------ INPUT FOR THIS TASK

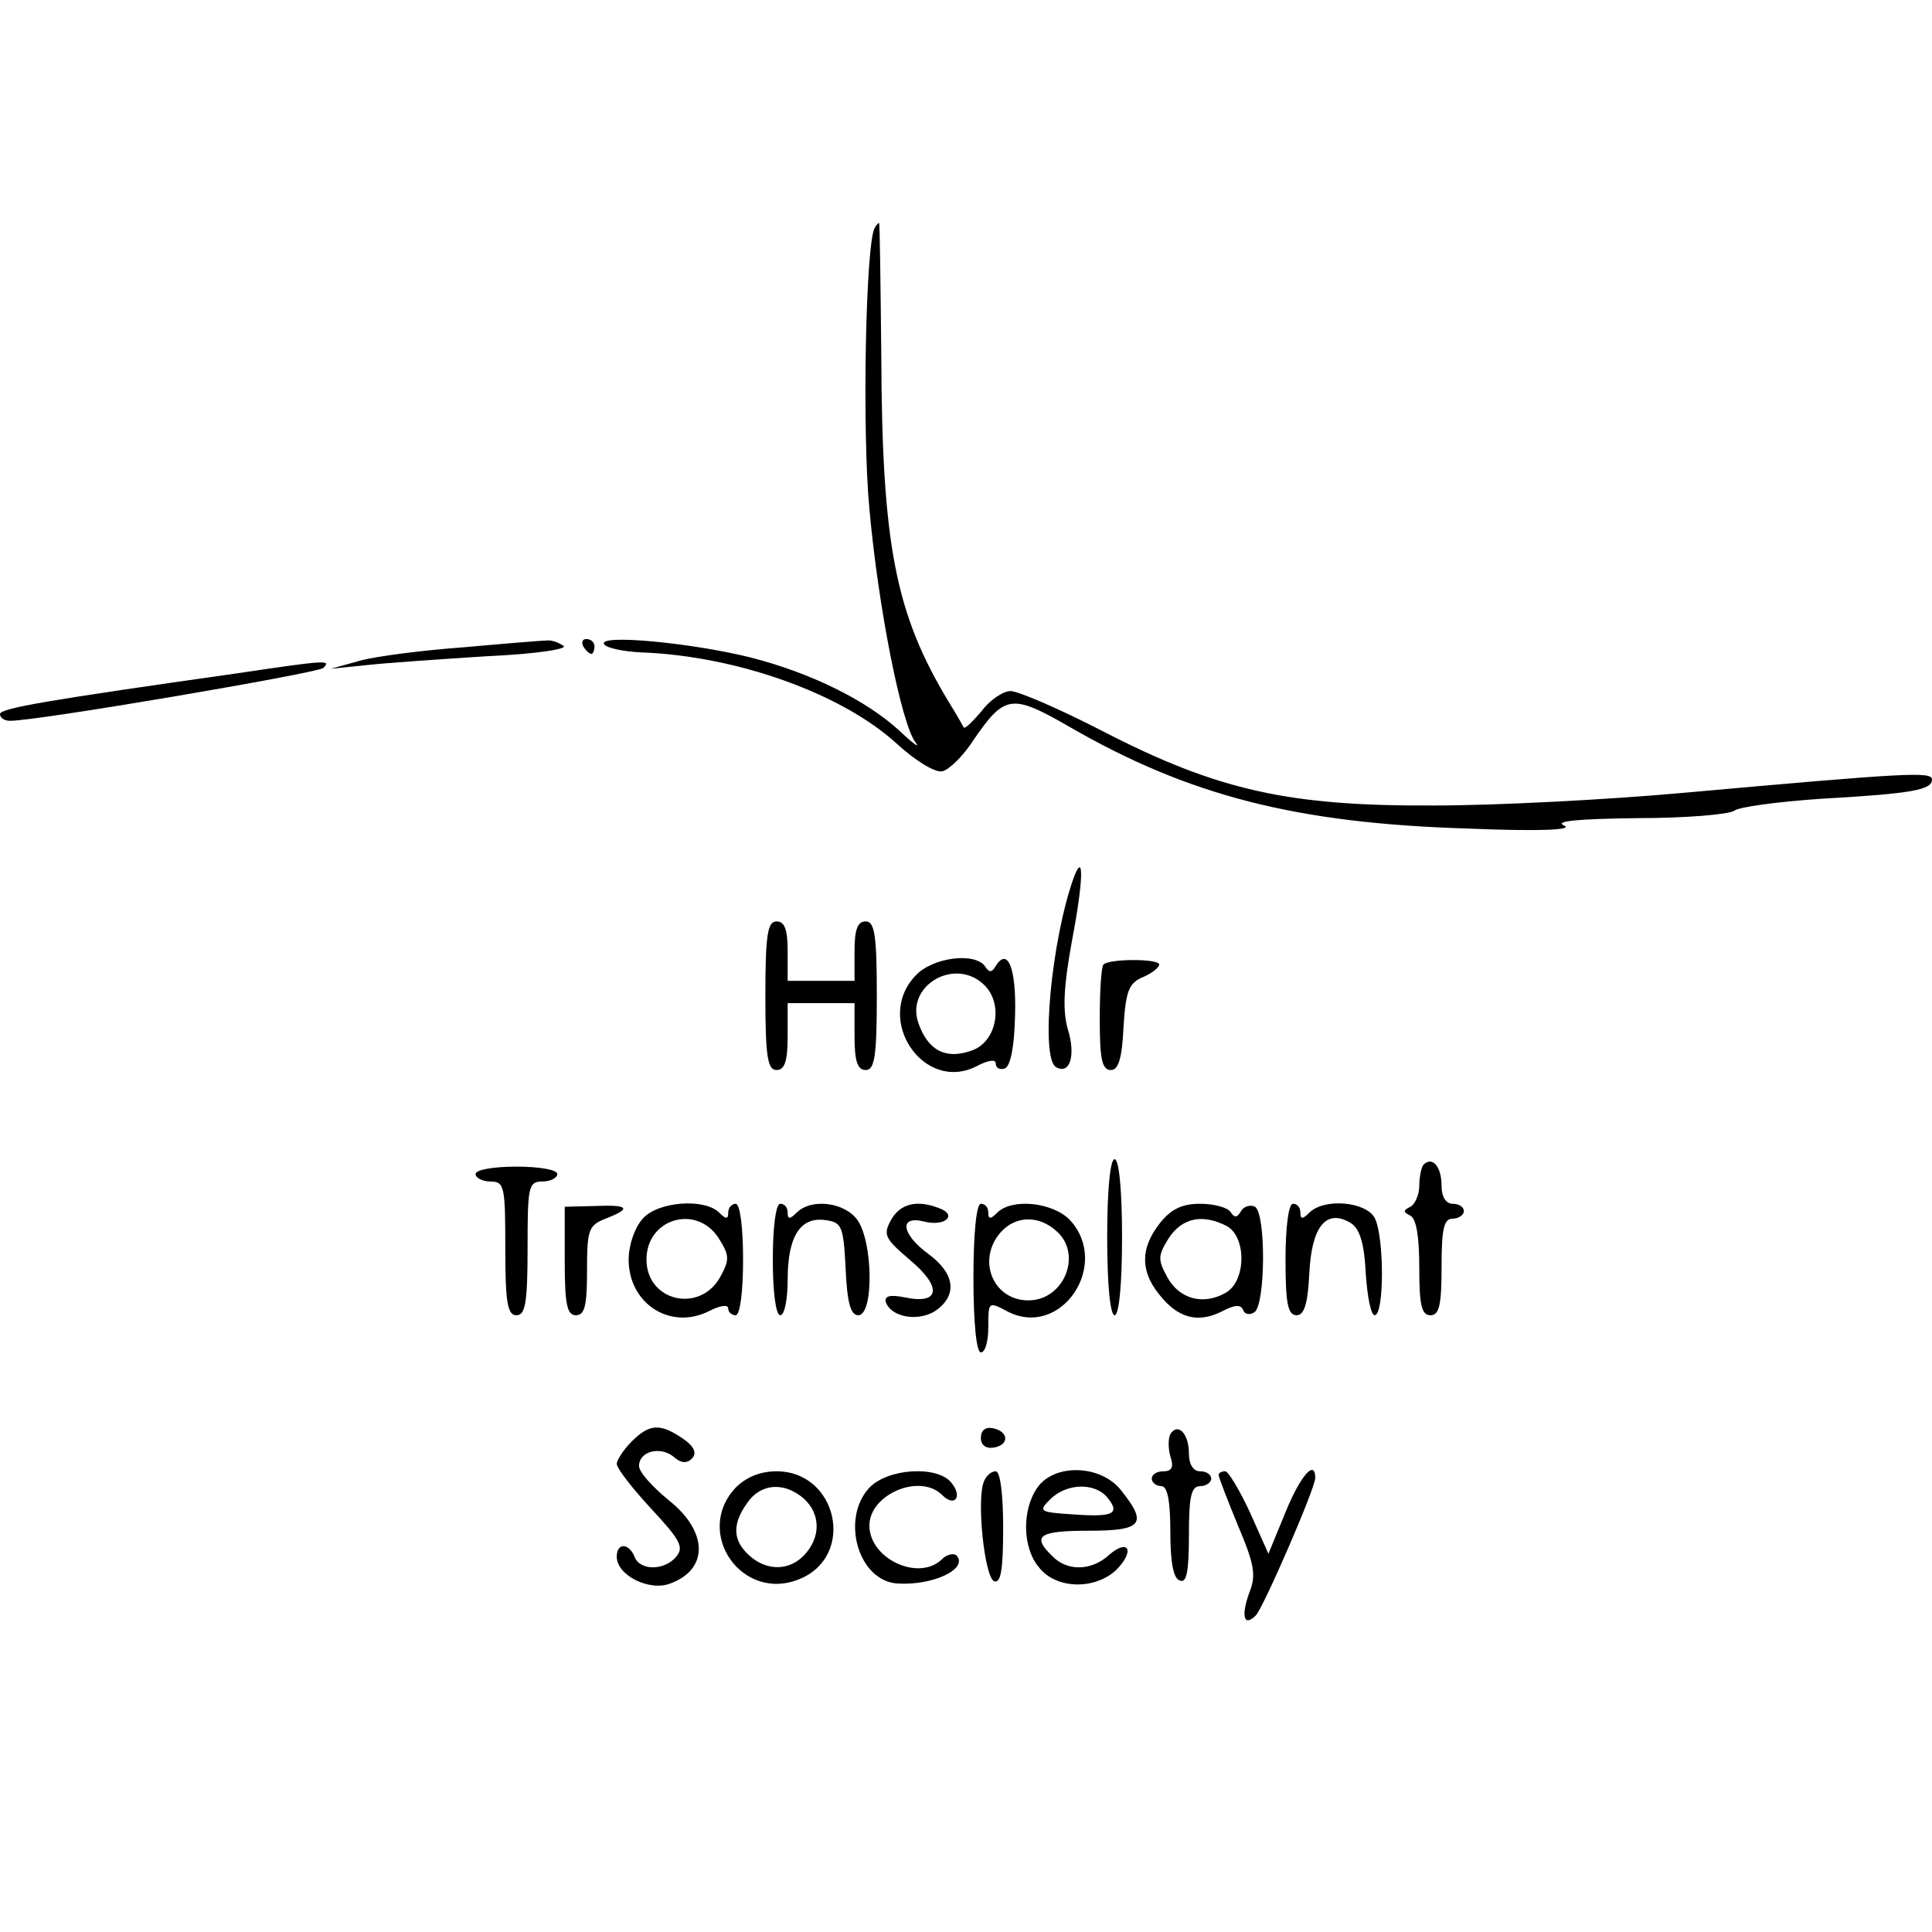 <?xml version="1.0" standalone="no"?>
<!DOCTYPE svg PUBLIC "-//W3C//DTD SVG 20010904//EN"
 "http://www.w3.org/TR/2001/REC-SVG-20010904/DTD/svg10.dtd">
<svg version="1.0" xmlns="http://www.w3.org/2000/svg"
 width="260pt" height="260pt" viewBox="0 0 260 260"
 preserveAspectRatio="xMidYMid meet">
<g transform="translate(0,260) scale(0.1,-0.1)"
fill="#000000" stroke="none">
<path d="M1177 2293 c-12 -22 -17 -272 -7 -378 12 -133 43 -289 62 -314 7 -9
-3 -2 -22 16 -45 41 -118 77 -199 98 -80 20 -207 32 -198 18 3 -5 26 -10 51
-11 129 -5 270 -56 343 -123 24 -22 51 -39 61 -37 9 2 28 20 42 42 42 61 51
63 129 18 161 -93 306 -130 536 -137 95 -4 143 -2 130 4 -14 6 18 9 99 10 65
0 123 5 130 10 6 5 58 12 116 16 124 7 150 12 150 26 0 11 -34 9 -335 -18 -99
-9 -250 -17 -335 -17 -195 -1 -291 20 -446 100 -58 30 -114 54 -124 54 -10 0
-28 -12 -39 -27 -12 -14 -22 -24 -24 -22 -1 2 -10 18 -20 34 -72 119 -90 211
-91 467 -1 98 -2 178 -3 178 -1 0 -4 -3 -6 -7z"/>
<path d="M625 1729 c-55 -4 -118 -12 -140 -18 l-40 -11 49 5 c27 3 101 8 163
12 67 3 109 10 101 14 -7 5 -17 8 -23 7 -5 0 -55 -4 -110 -9z"/>
<path d="M785 1730 c3 -5 8 -10 11 -10 2 0 4 5 4 10 0 6 -5 10 -11 10 -5 0 -7
-4 -4 -10z"/>
<path d="M320 1694 c-254 -36 -320 -47 -320 -55 0 -5 6 -9 13 -9 33 -1 413 64
422 71 11 11 6 11 -115 -7z"/>
<path d="M1445 1419 c-30 -84 -45 -242 -24 -255 19 -11 27 16 16 51 -7 25 -6
56 6 121 15 79 16 120 2 83z"/>
<path d="M1030 1260 c0 -82 3 -100 15 -100 11 0 15 12 15 45 l0 45 45 0 45 0
0 -45 c0 -33 4 -45 15 -45 12 0 15 18 15 100 0 82 -3 100 -15 100 -11 0 -15
-11 -15 -40 l0 -40 -45 0 -45 0 0 40 c0 29 -4 40 -15 40 -12 0 -15 -18 -15
-100z"/>
<path d="M1232 1287 c-56 -59 11 -158 82 -122 15 8 26 10 26 4 0 -6 5 -9 12
-7 8 3 13 29 14 71 2 64 -10 93 -26 67 -5 -9 -9 -9 -14 -1 -13 20 -71 13 -94
-12z m93 -13 c26 -26 16 -77 -18 -88 -34 -12 -58 0 -71 37 -18 51 50 90 89 51z"/>
<path d="M1485 1302 c-3 -3 -5 -36 -5 -74 0 -53 3 -68 15 -68 10 0 15 15 17
58 3 48 7 59 26 67 12 5 22 13 22 17 0 8 -67 8 -75 0z"/>
<path d="M1490 935 c0 -63 4 -105 10 -105 6 0 10 42 10 105 0 63 -4 105 -10
105 -6 0 -10 -42 -10 -105z"/>
<path d="M1916 1033 c-3 -3 -6 -16 -6 -29 0 -12 -6 -25 -12 -28 -10 -5 -10 -7
0 -12 8 -4 12 -28 12 -70 0 -50 3 -64 15 -64 12 0 15 14 15 65 0 51 3 65 15
65 8 0 15 5 15 10 0 6 -7 10 -15 10 -9 0 -15 9 -15 24 0 26 -12 40 -24 29z"/>
<path d="M640 1020 c0 -5 9 -10 20 -10 19 0 20 -7 20 -90 0 -73 3 -90 15 -90
12 0 15 17 15 90 0 83 1 90 20 90 11 0 20 5 20 10 0 6 -25 10 -55 10 -30 0
-55 -4 -55 -10z"/>
<path d="M760 903 c0 -58 3 -73 15 -73 12 0 15 13 15 60 0 55 2 61 25 70 36
14 31 19 -15 17 l-40 -1 0 -73z"/>
<path d="M865 960 c-11 -12 -19 -36 -19 -55 0 -60 57 -96 109 -69 14 7 25 9
25 3 0 -5 5 -9 10 -9 6 0 10 32 10 75 0 43 -4 75 -10 75 -5 0 -10 -5 -10 -12
0 -9 -3 -9 -12 0 -20 20 -83 15 -103 -8z m102 -26 c15 -24 15 -29 2 -53 -28
-49 -99 -32 -99 24 0 55 67 75 97 29z"/>
<path d="M1040 905 c0 -43 4 -75 10 -75 6 0 10 22 10 48 0 58 17 85 51 80 22
-3 24 -8 27 -65 2 -47 7 -63 17 -63 21 0 20 98 -1 128 -17 24 -62 30 -82 10
-9 -9 -12 -9 -12 0 0 7 -4 12 -10 12 -6 0 -10 -32 -10 -75z"/>
<path d="M1199 958 c-11 -20 -8 -25 26 -54 43 -36 40 -60 -7 -50 -20 4 -28 2
-26 -6 7 -21 44 -27 67 -12 30 21 26 50 -9 76 -37 27 -41 53 -6 44 28 -7 45 9
20 18 -30 12 -53 6 -65 -16z"/>
<path d="M1310 880 c0 -60 4 -100 10 -100 6 0 10 15 10 34 0 34 0 35 26 21 72
-37 139 63 84 123 -23 24 -78 30 -98 10 -9 -9 -12 -9 -12 0 0 7 -4 12 -10 12
-6 0 -10 -40 -10 -100z m112 63 c35 -31 10 -93 -38 -93 -48 0 -70 55 -37 92
20 22 51 23 75 1z"/>
<path d="M1561 954 c-26 -33 -27 -64 -1 -96 25 -32 52 -39 84 -23 17 9 26 10
29 2 2 -6 9 -7 15 -3 15 9 16 132 1 142 -6 3 -15 1 -19 -6 -5 -9 -9 -9 -14 -1
-4 6 -22 11 -41 11 -24 0 -39 -7 -54 -26z m90 -4 c27 -15 26 -75 -2 -90 -30
-17 -62 -8 -78 21 -13 24 -13 29 2 53 18 27 45 33 78 16z"/>
<path d="M1730 905 c0 -59 3 -75 15 -75 10 0 15 15 17 56 3 64 23 88 56 68 12
-8 18 -27 20 -68 2 -31 7 -56 12 -56 13 0 13 106 0 131 -12 22 -68 27 -88 7
-9 -9 -12 -9 -12 0 0 7 -4 12 -10 12 -6 0 -10 -32 -10 -75z"/>
<path d="M850 660 c-11 -11 -20 -25 -20 -30 0 -6 21 -33 46 -60 39 -42 45 -52
34 -65 -16 -19 -49 -19 -56 0 -8 19 -24 19 -24 0 0 -25 44 -47 72 -36 52 19
51 70 -2 112 -22 18 -40 38 -40 46 0 20 28 27 46 13 10 -9 18 -10 25 -3 7 7 4
16 -12 27 -31 21 -45 20 -69 -4z"/>
<path d="M1320 665 c0 -10 7 -15 18 -13 21 4 19 22 -2 26 -10 2 -16 -3 -16
-13z"/>
<path d="M1575 670 c-3 -6 -3 -19 0 -30 5 -14 2 -20 -9 -20 -9 0 -16 -4 -16
-10 0 -5 6 -10 13 -10 8 0 12 -19 12 -62 0 -40 4 -63 13 -65 9 -4 12 13 12 61
0 52 3 66 15 66 8 0 15 5 15 10 0 6 -7 10 -15 10 -9 0 -15 9 -15 24 0 27 -15
42 -25 26z"/>
<path d="M990 598 c-57 -61 9 -155 86 -123 76 31 51 145 -31 145 -22 0 -41 -8
-55 -22z m92 -15 c22 -20 23 -51 1 -75 -20 -22 -51 -23 -75 -1 -22 20 -23 42
-2 71 18 26 50 28 76 5z"/>
<path d="M1170 598 c-39 -42 -15 -126 38 -129 48 -3 96 20 79 38 -4 3 -13 1
-19 -5 -31 -31 -98 0 -98 45 0 42 68 71 98 41 17 -17 28 -2 12 17 -19 23 -85
19 -110 -7z"/>
<path d="M1324 606 c-10 -25 1 -129 14 -134 9 -3 12 16 12 72 0 46 -4 76 -10
76 -6 0 -13 -6 -16 -14z"/>
<path d="M1396 598 c-21 -30 -20 -81 2 -107 23 -30 76 -31 105 -3 25 26 15 42
-11 19 -23 -21 -56 -22 -76 -1 -28 27 -18 34 49 34 72 0 80 9 44 54 -27 35
-90 37 -113 4z m94 -13 c18 -22 9 -27 -46 -23 -46 3 -47 4 -30 21 22 21 59 22
76 2z"/>
<path d="M1640 615 c0 -3 12 -34 26 -68 22 -52 25 -67 15 -91 -11 -31 -7 -46
9 -30 10 10 80 171 80 185 0 26 -20 3 -40 -46 l-23 -56 -25 56 c-14 30 -29 55
-33 55 -5 0 -9 -2 -9 -5z"/>
</g>
</svg>

------------

- ASSIGNMENT
Where a line in the records above contains the word "http", copy that line.

- ANSWER FOR THIS EXERCISE
 "http://www.w3.org/TR/2001/REC-SVG-20010904/DTD/svg10.dtd">
<svg version="1.0" xmlns="http://www.w3.org/2000/svg"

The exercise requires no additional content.